▶ [Exercise requirements] Leaving out all images, return the entries below exactly.

Records from a dataset:
■ ■ ■ ■ ■
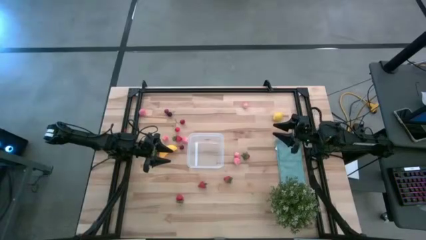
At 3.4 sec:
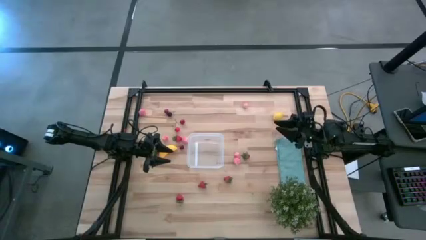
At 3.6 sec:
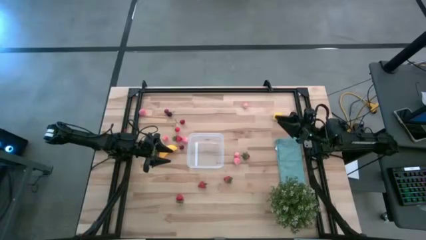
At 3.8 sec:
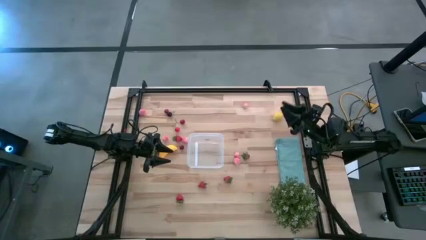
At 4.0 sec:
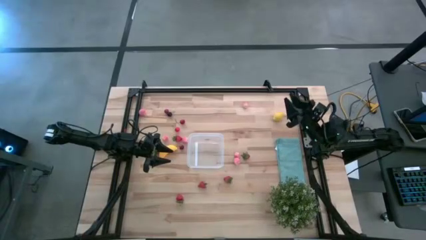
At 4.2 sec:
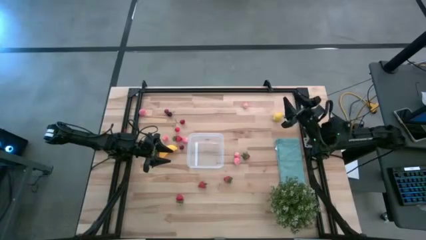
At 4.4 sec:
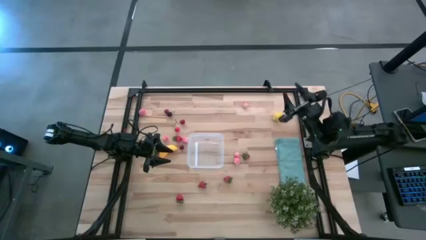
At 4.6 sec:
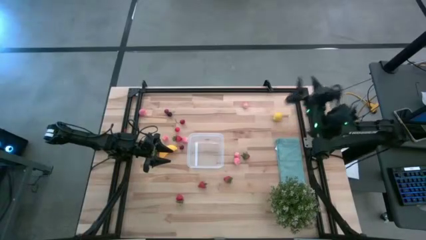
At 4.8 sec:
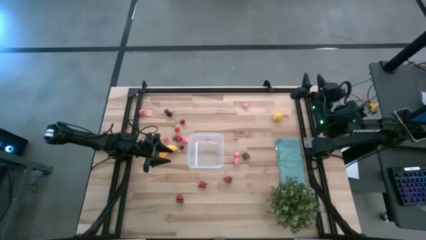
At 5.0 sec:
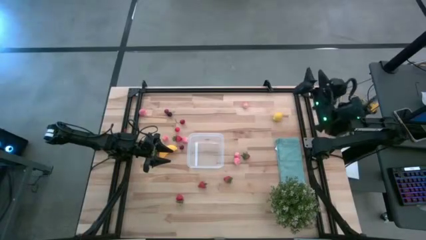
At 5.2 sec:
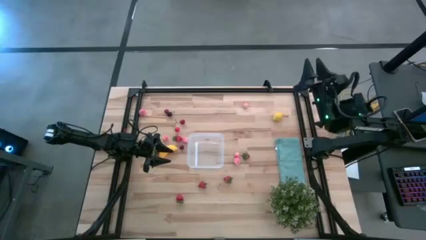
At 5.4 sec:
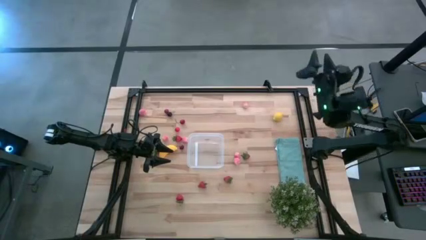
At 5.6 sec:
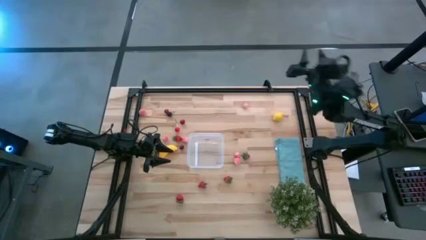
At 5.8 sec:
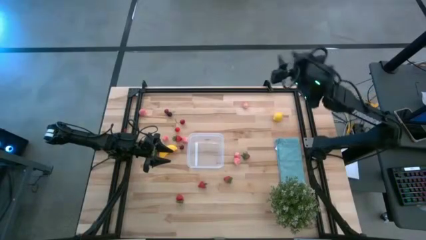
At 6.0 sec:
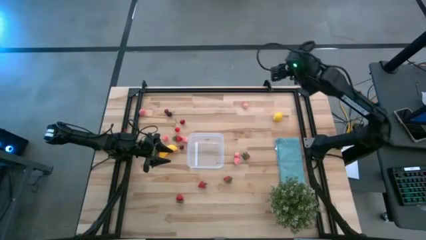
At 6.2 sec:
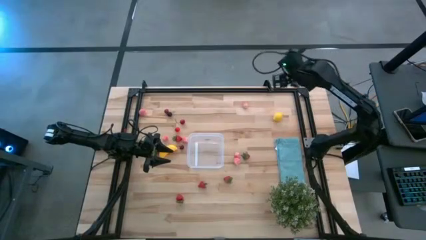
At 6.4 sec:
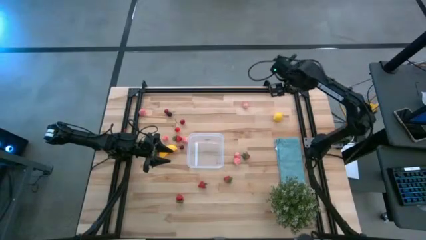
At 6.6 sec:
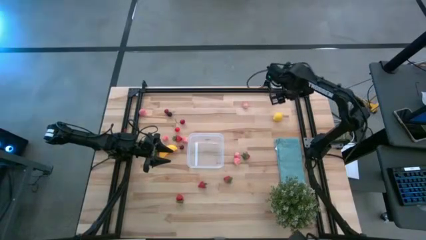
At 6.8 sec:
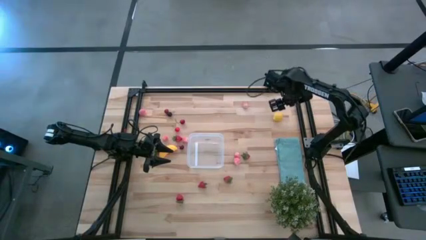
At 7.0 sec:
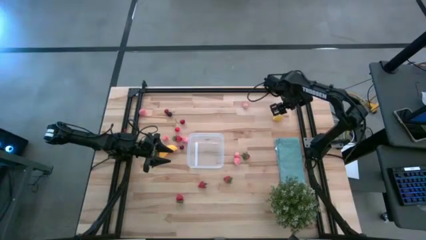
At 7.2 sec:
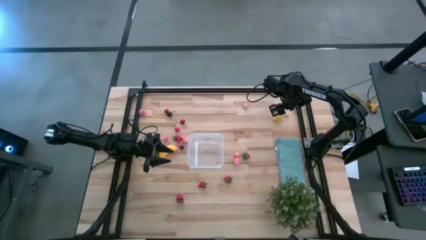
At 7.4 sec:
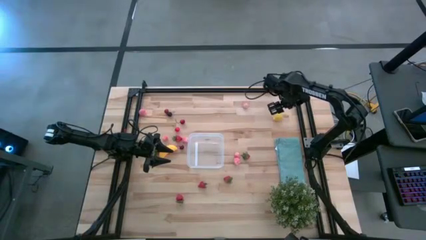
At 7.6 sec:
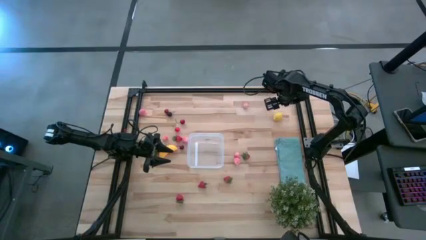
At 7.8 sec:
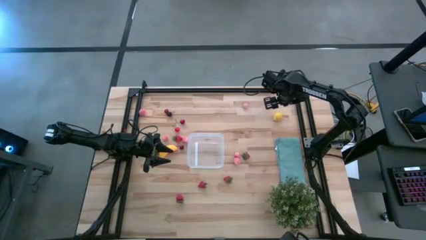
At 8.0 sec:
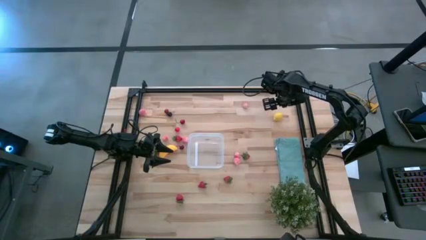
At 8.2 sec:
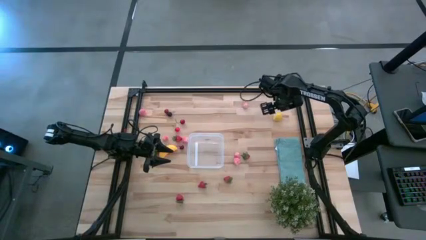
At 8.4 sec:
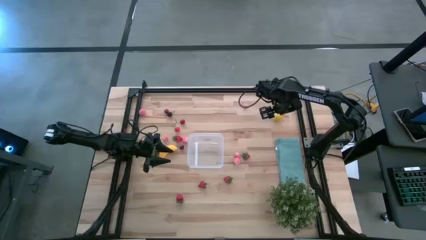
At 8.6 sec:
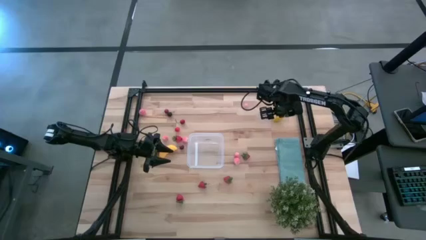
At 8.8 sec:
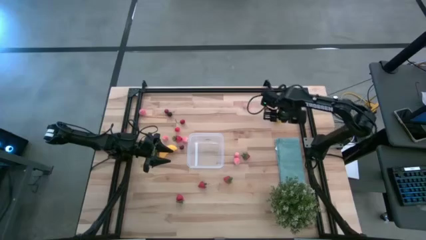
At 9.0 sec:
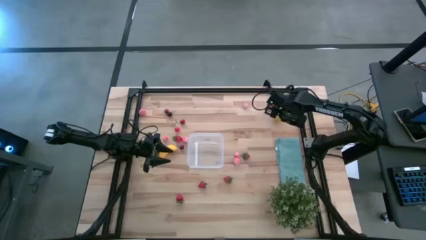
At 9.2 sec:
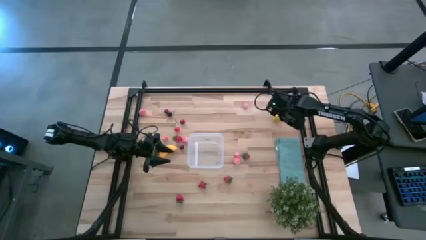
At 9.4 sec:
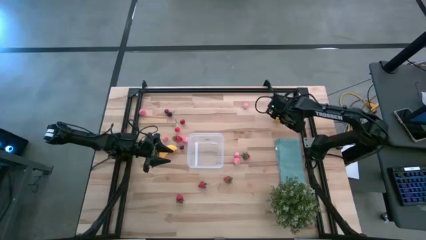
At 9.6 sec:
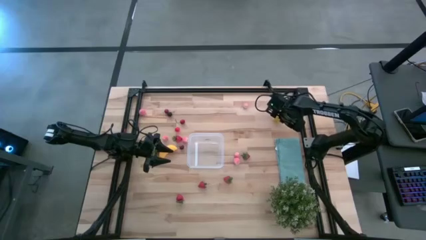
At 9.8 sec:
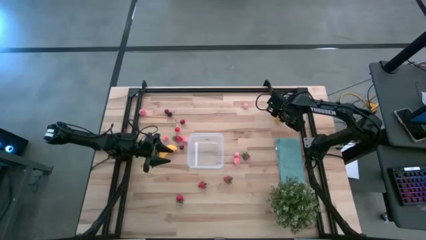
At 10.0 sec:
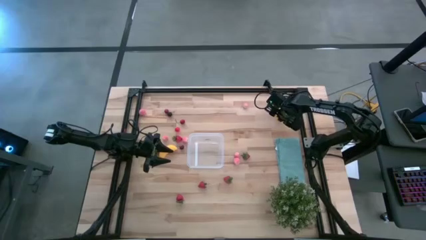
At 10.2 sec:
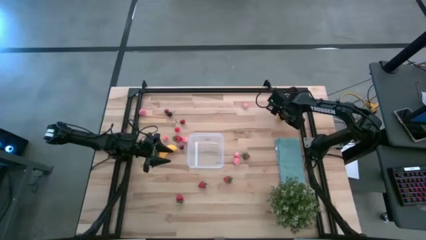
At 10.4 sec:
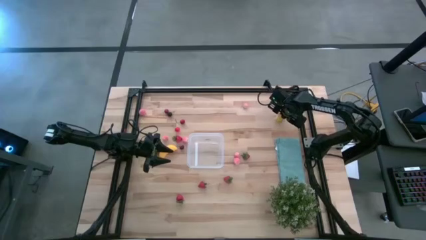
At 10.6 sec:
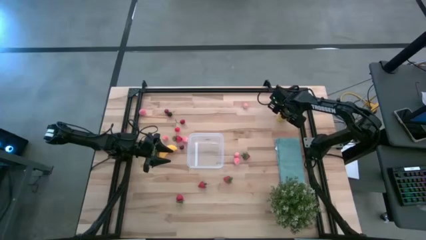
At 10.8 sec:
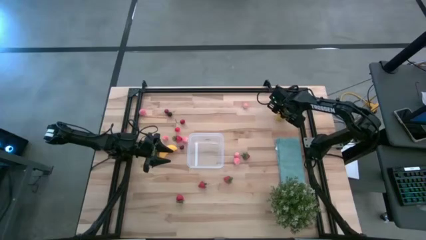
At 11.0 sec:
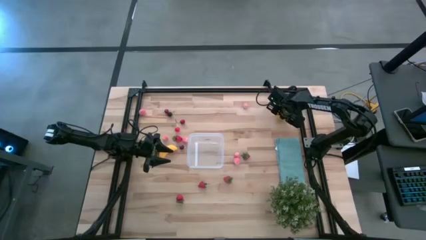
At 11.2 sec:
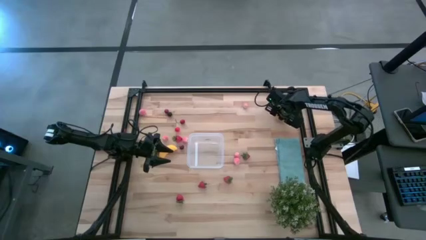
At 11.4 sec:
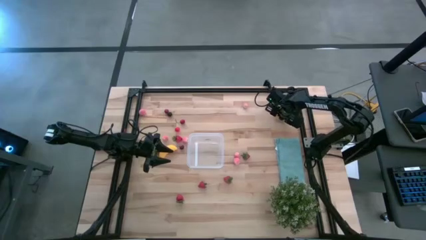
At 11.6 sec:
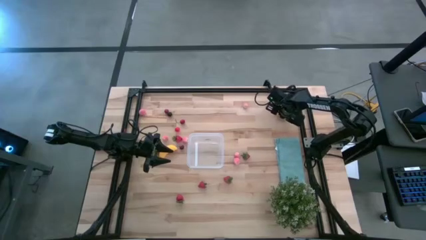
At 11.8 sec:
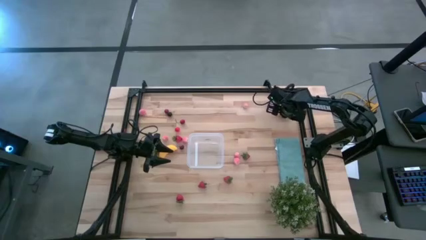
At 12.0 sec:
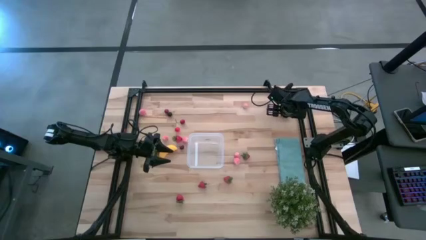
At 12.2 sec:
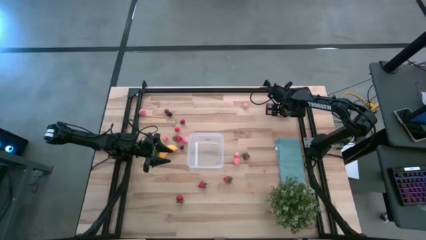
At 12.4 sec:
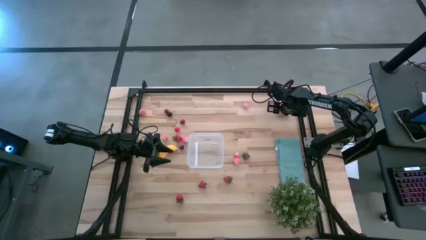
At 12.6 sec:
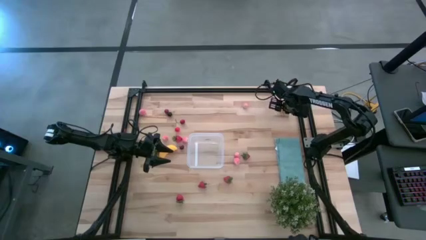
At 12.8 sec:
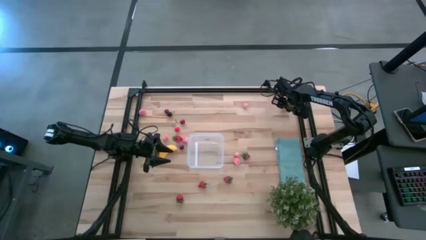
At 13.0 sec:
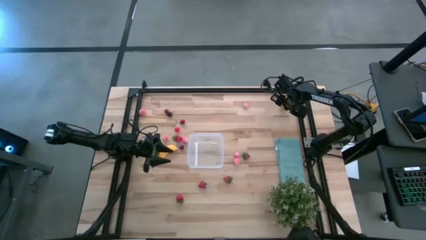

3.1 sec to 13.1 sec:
Task: Pick and placing Produce into tupperware
Put the lemon into the transparent bin
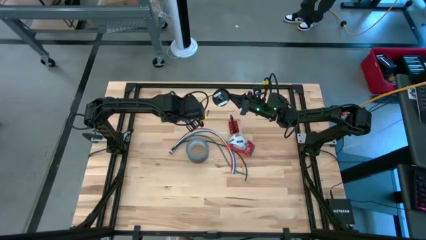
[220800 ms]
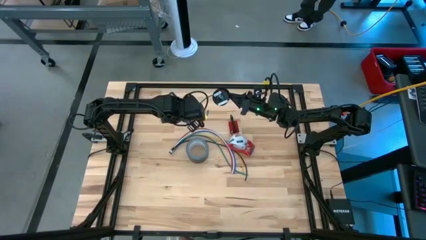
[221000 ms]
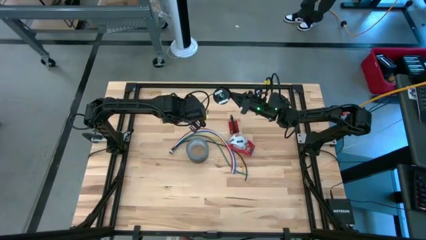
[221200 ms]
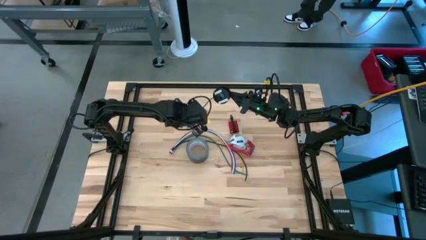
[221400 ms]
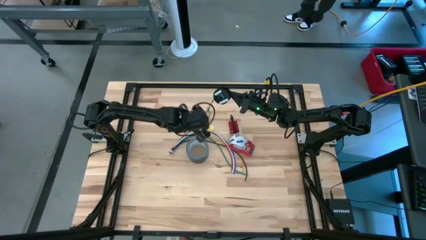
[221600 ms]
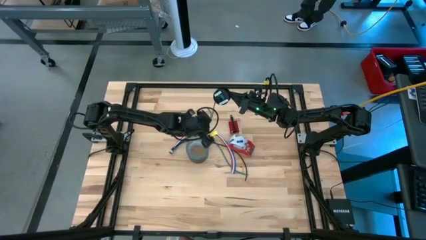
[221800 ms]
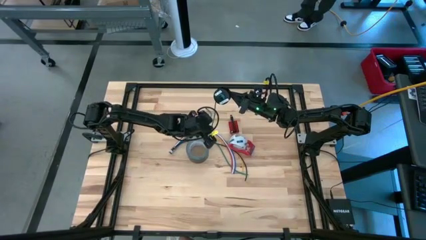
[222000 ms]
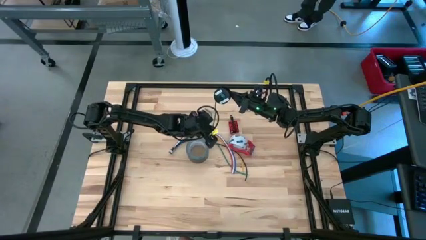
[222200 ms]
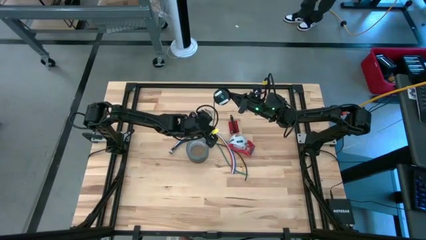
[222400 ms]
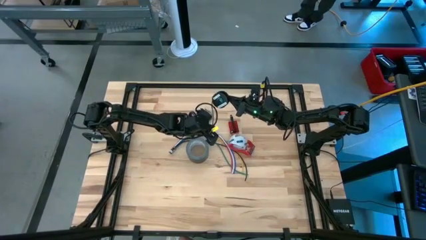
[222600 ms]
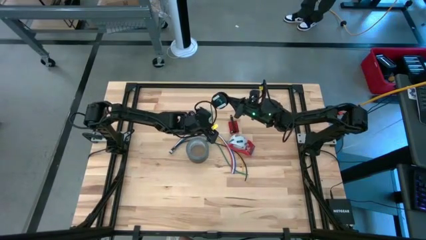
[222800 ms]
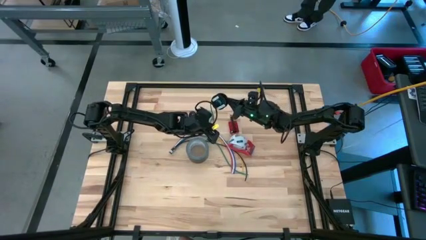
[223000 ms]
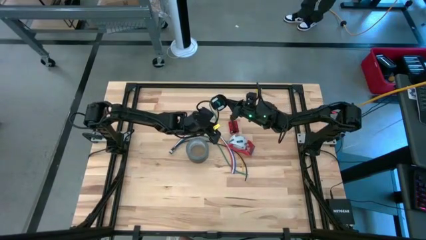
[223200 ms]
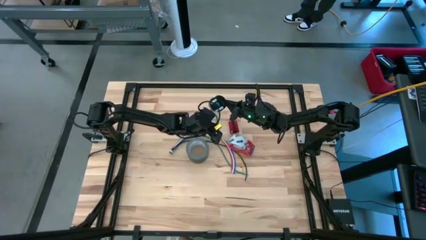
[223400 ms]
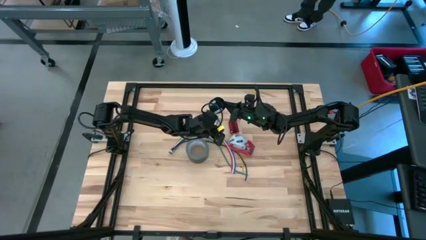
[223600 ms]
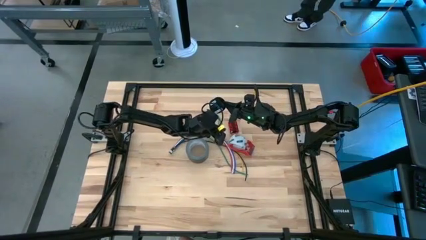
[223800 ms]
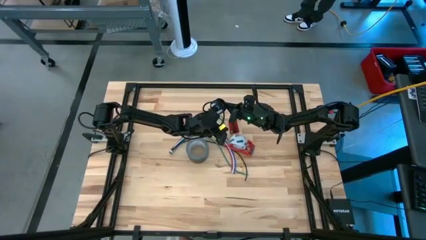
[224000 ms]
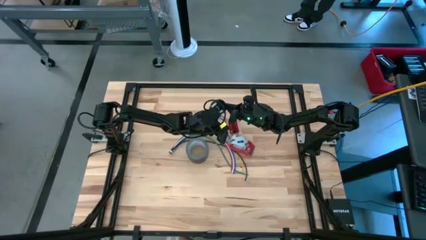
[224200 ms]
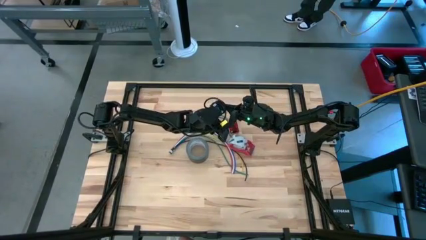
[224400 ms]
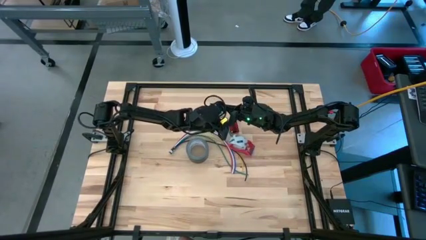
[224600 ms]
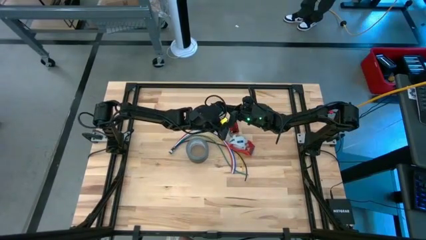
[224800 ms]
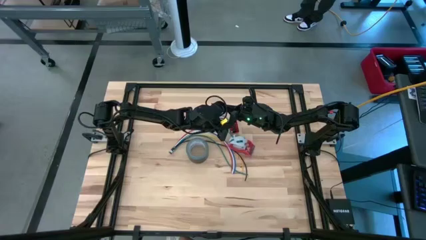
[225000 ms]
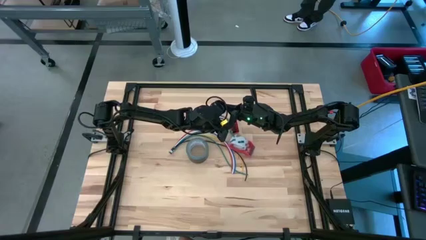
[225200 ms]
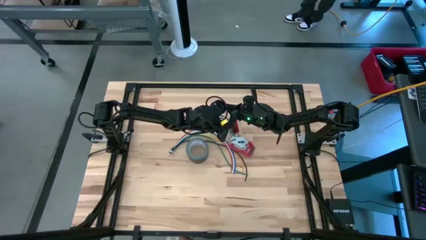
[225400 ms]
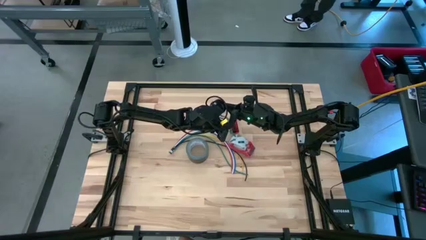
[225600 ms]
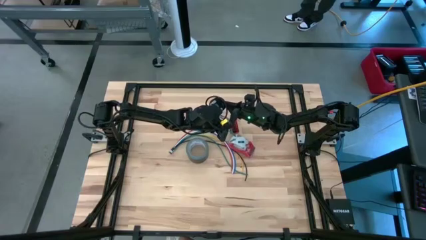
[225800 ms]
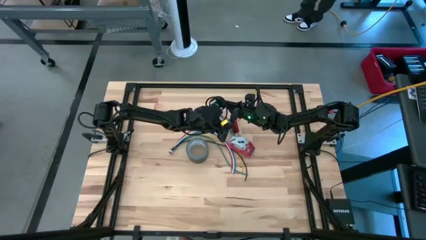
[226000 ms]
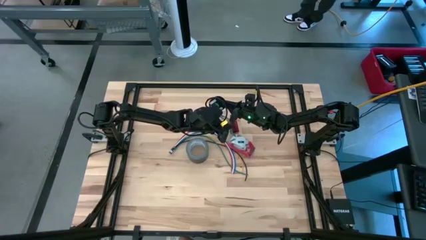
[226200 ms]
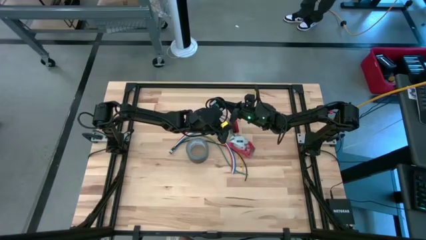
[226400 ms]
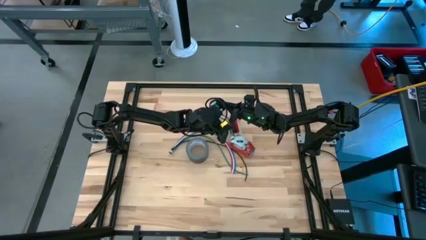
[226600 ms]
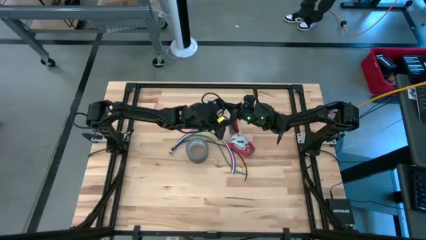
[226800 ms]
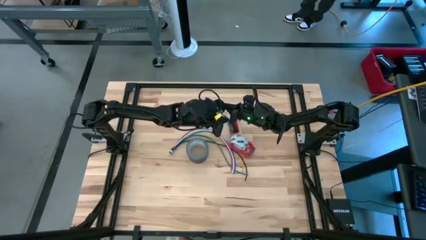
■ ■ ■ ■ ■
▶ [Written response]
At 3.4 sec:
At 3.6 sec:
At 3.8 sec:
At 4.0 sec:
At 4.2 sec:
At 4.4 sec:
At 4.6 sec:
At 4.8 sec:
At 5.0 sec:
At 5.2 sec:
At 5.4 sec:
At 5.6 sec:
At 5.8 sec:
At 6.0 sec:
At 6.2 sec:
At 6.4 sec:
At 6.6 sec:
At 6.8 sec:
At 7.0 sec:
At 7.2 sec:
At 7.4 sec:
At 7.6 sec:
At 7.8 sec:
At 8.0 sec:
At 8.2 sec:
At 8.4 sec:
At 8.6 sec:
At 8.8 sec:
At 9.0 sec:
At 9.2 sec:
At 9.4 sec:
At 9.6 sec:
At 9.8 sec:
At 10.0 sec:
At 10.2 sec:
At 10.4 sec:
At 10.6 sec:
At 10.8 sec:
At 11.0 sec:
At 11.2 sec:
At 11.4 sec:
At 11.6 sec:
At 11.8 sec:
At 12.0 sec:
At 12.2 sec:
At 12.4 sec:
At 12.6 sec:
At 12.8 sec:
At 13.0 sec:

3.1 sec to 13.1 sec:
Task: Pick and placing Produce into tupperware
Put the lemon into the transparent bin
[220800 ms]
[221000 ms]
[221200 ms]
[221400 ms]
[221600 ms]
[221800 ms]
[222000 ms]
[222200 ms]
[222400 ms]
[222600 ms]
[222800 ms]
[223000 ms]
[223200 ms]
[223400 ms]
[223600 ms]
[223800 ms]
[224000 ms]
[224200 ms]
[224400 ms]
[224600 ms]
[224800 ms]
[225000 ms]
[225200 ms]
[225400 ms]
[225600 ms]
[225800 ms]
[226000 ms]
[226200 ms]
[226400 ms]
[226600 ms]
[226800 ms]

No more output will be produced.